Not long ago, he informed students at Columbia University that there were no gays in Iraq, while omitting to explain why, in that case, he was busy executing them. Wider condemnation of such atrocities might, at the least, forge some bonds with Iranian moderates hoping to win next March's parliamentary elections and so pave the way to eject Ahmadinejad in 2009.
That outcome, though, is by no means certain. Democrats may be debarred from standing, and Ahmadinejad holds many aces. Oil at almost US$100 a barrel props up the economy he has wrecked and buys him time for more brinkmanship. Any US aggression will rally Iran's people behind him. Surviving under their own delusional tyrant beats being bombed by someone else's.
SMOLDERING TENSIONS
Meanwhile, Bush lacks time and opposition. Barring Senator Barack Obama, every leading presidential hopeful is ready to take a whack at Iran.

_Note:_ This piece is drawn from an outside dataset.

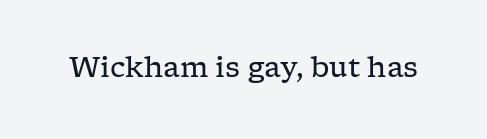
Underlining? Definitely not there. Words appear dense and cohesive because spacing is normal. Letters have the restrained weight of plain body copy at most. Looks like regular typesetting: each glyph gets only the width it needs. Every character sits straight up, as roman type does. Classification — serif.

Already, blue touch papers are smoldering along the Iran-Iraq border, where any atrocity against coalition soldiers could be a curtain-raiser to war.
It's also possible, according to Paul Rogers of OpenDemocracy, that the Iranian Revolutionary Guards will fire the starting gun by a provocative act, such as seizing US sailors.
It is still conceivable that the Iran standoff ends with a more peaceful world in which the nuclear nations look to their own hypocrisies (Trident included) and forge a new global compact on non-proliferation. But, first, the US will have to negotiate with Iran, no strings attached. A carrot-and-stick approach could work, but the carrot-and-bomb variant merely ratchets up the chance of cataclysm.
That is why war against Iran remains inconceivable. Brown and all leaders of good faith should say so. That marker against a ruinous conflict would find echoes in all the more sane corners of the world.
Besides, the time for ambiguity is running out. Someday soon, Brown may find there is no fence left to sit on. Within the next few months, Britain could be asked to give the nod or wink required to sanction B2 bombers to fly out of UK bases in Diego Garcia and Fairford, Gloucestershire.
And then Britons would be on the streets, with billboards and megaphones, protesting against a folly that could make Iraq, for all its blood and heartbreak, seem a sideshow. War on Iran is not inevitable. It is not even probable. But the threat drifts closer every day. This is the greatest looming crisis in the world.
And the West is staring at it, eyes tightly shut.